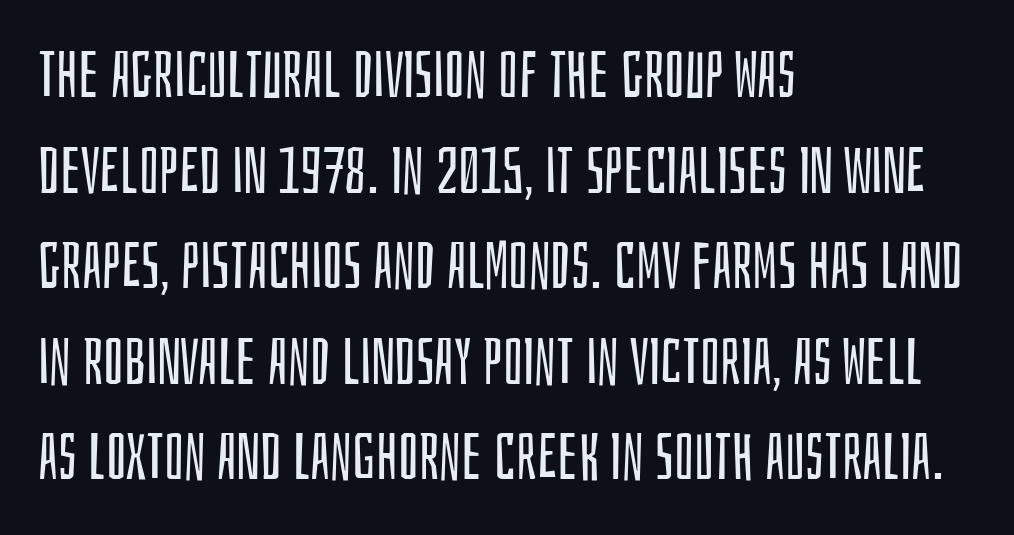
Interline gaps are of average width in this sample. The letters advance in unequal steps, a hallmark of proportional type. A roman cut, with each character standing at attention. Counters stay open thanks to moderate or lighter strokes. Underline: absent. The lines in this sample share a left origin and differ only in where they stop.
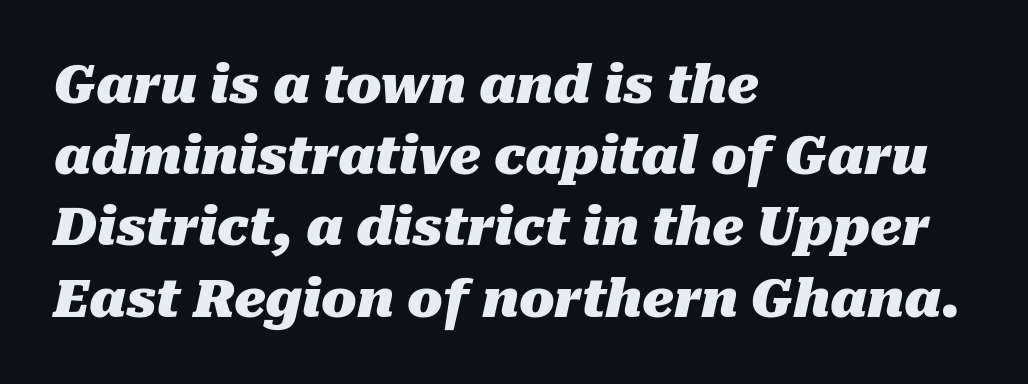
{"italic": "yes", "lean": "right", "slant_degrees": 10, "bold": "yes", "weight": "heavy", "width": "normal", "stroke_contrast": "medium", "x_height": "medium", "monospaced": "no", "underline": "no", "align": "left", "line_spacing": "normal", "line_spacing_ratio": 1.37, "letter_spacing": "normal", "letter_spacing_em": 0.0, "glyph_px": 52}
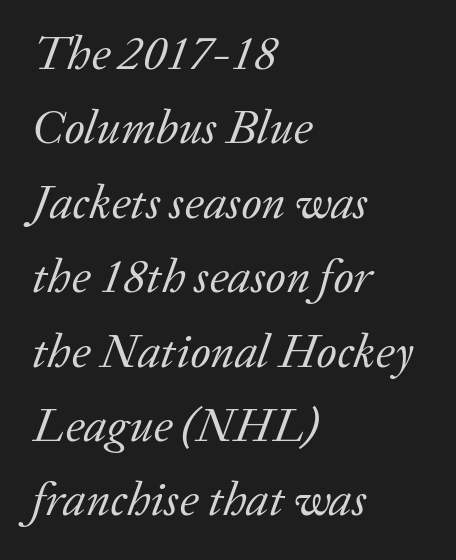
Where is the straight margin? On the left. Glyph-to-glyph distance matches everyday printed text. The designer went with a serif here, giving each stem small feet. Designer's note — italics engaged. Successive baselines arrive at the customary interval.
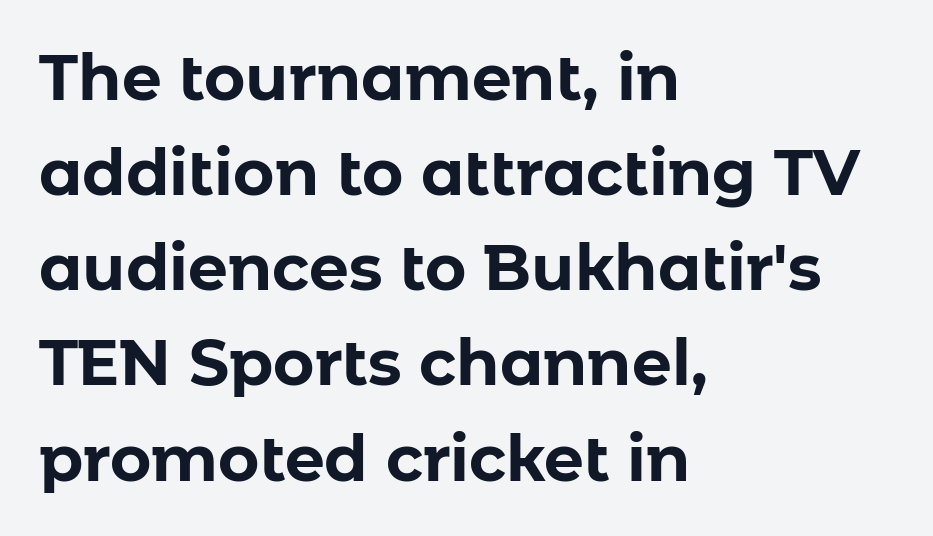
The image shows 63 px bold sans-serif type, upright; set left-aligned, normal line spacing (1.51x), normal letter spacing, not underlined; low stroke contrast and a medium x-height.
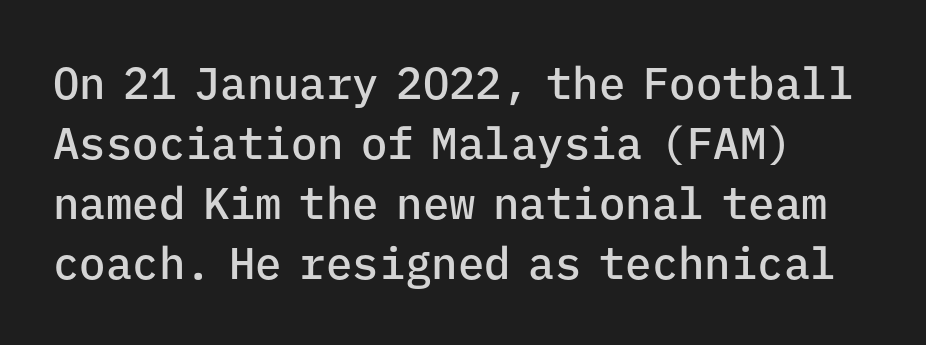
Characters follow at the spacing the type designer built in. The letters march in equal steps, a hallmark of fixed-pitch type. Note: no serifs on the glyphs. Leading matches the norm, producing a regular column.
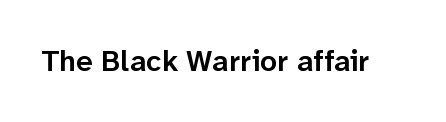
Q: Is the text bold? A: Semi-bold.
Q: Is the text italic (slanted)? A: No, it is upright.
Q: Is the typeface a serif or a sans-serif typeface? A: Sans-serif.
Q: Is the text underlined? A: No.
Q: Is the spacing between letters normal or unusually wide? A: Normal.
Q: Width (condensed, normal, or wide)? A: Normal.
Q: Stroke contrast? A: Low.
Q: x-height? A: Medium.
Q: Monospaced? A: No.
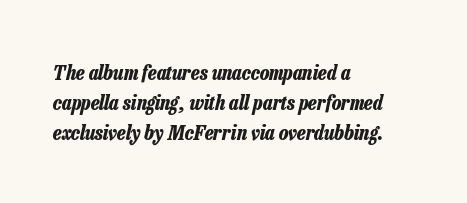
{"italic": "yes", "lean": "right", "slant_degrees": 13, "bold": "yes", "underline": "no", "align": "left", "line_spacing": "normal", "line_spacing_ratio": 1.43, "letter_spacing": "normal", "letter_spacing_em": 0.0, "glyph_px": 21}
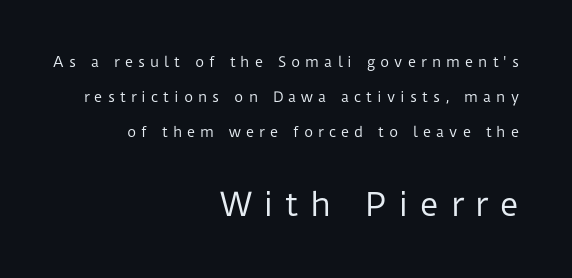
{"serif": "no", "italic": "no", "bold": "no", "weight": "regular", "width": "normal", "stroke_contrast": "low", "x_height": "medium", "monospaced": "no", "underline": "no", "align": "right", "line_spacing": "loose", "line_spacing_ratio": 2.5, "letter_spacing": "wide", "letter_spacing_em": 0.36, "larger_block": "second", "size_ratio": 2.29, "glyph_px": 32}
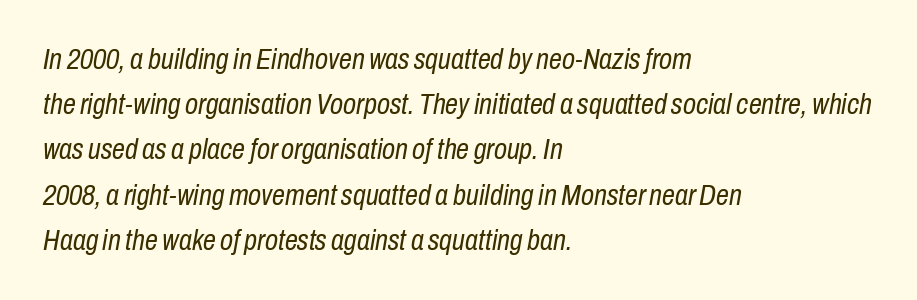
{"italic": "yes", "lean": "right", "slant_degrees": 10, "bold": "no", "weight": "regular", "width": "condensed", "stroke_contrast": "low", "x_height": "medium", "monospaced": "no", "underline": "no", "align": "left", "line_spacing": "normal", "line_spacing_ratio": 1.56, "letter_spacing": "normal", "letter_spacing_em": 0.0, "glyph_px": 29}
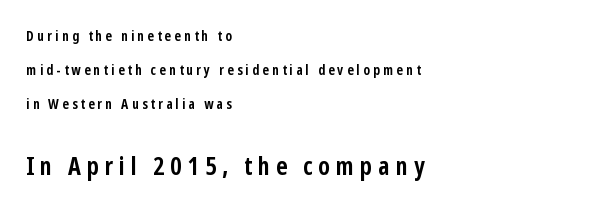
Q: Is the text bold? A: Yes.
Q: Is the text italic (slanted)? A: No, it is upright.
Q: Is the text underlined? A: No.
Q: How is the paragraph aligned? A: Left-aligned.
Q: Is the spacing between letters normal or unusually wide? A: Unusually wide.
Q: Is the spacing between lines tight, normal or loose? A: Loose.
Q: Which block of text is set in a larger size, the first (top) or the second (bottom)? A: The second (bottom) one.
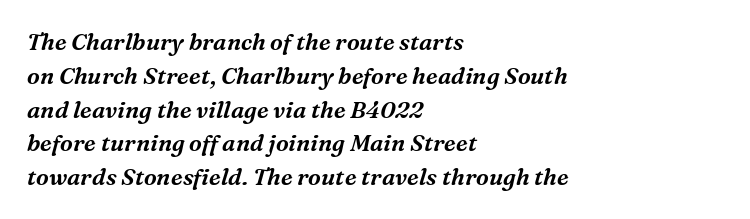
The glyphs look as if they've been sheared to an angle. Bare-footed words on every line. Default kerning and tracking; the words read as compact shapes. Notice how descenders clear the ascenders below comfortably — that's standard leading.
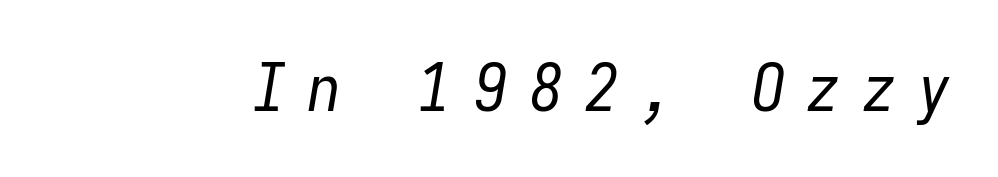
Q: Is the text bold? A: No.
Q: Is the text italic (slanted)? A: Yes, it leans right by about 9 degrees.
Q: Is the text underlined? A: No.
Q: Is the spacing between letters normal or unusually wide? A: Unusually wide.
Q: Width (condensed, normal, or wide)? A: Condensed.
Q: Stroke contrast? A: Low.
Q: x-height? A: Medium.
Q: Monospaced? A: Yes.

§ **WHAT YOU WILL DO**
Lines from the one that contains "Q: Width (condensed, normal, or wide)? A: Condensed." through the final line of the entries must be duplicated exactly, and no other lines.

§ **SOLUTION TO THIS EXERCISE**
Q: Width (condensed, normal, or wide)? A: Condensed.
Q: Stroke contrast? A: Low.
Q: x-height? A: Medium.
Q: Monospaced? A: Yes.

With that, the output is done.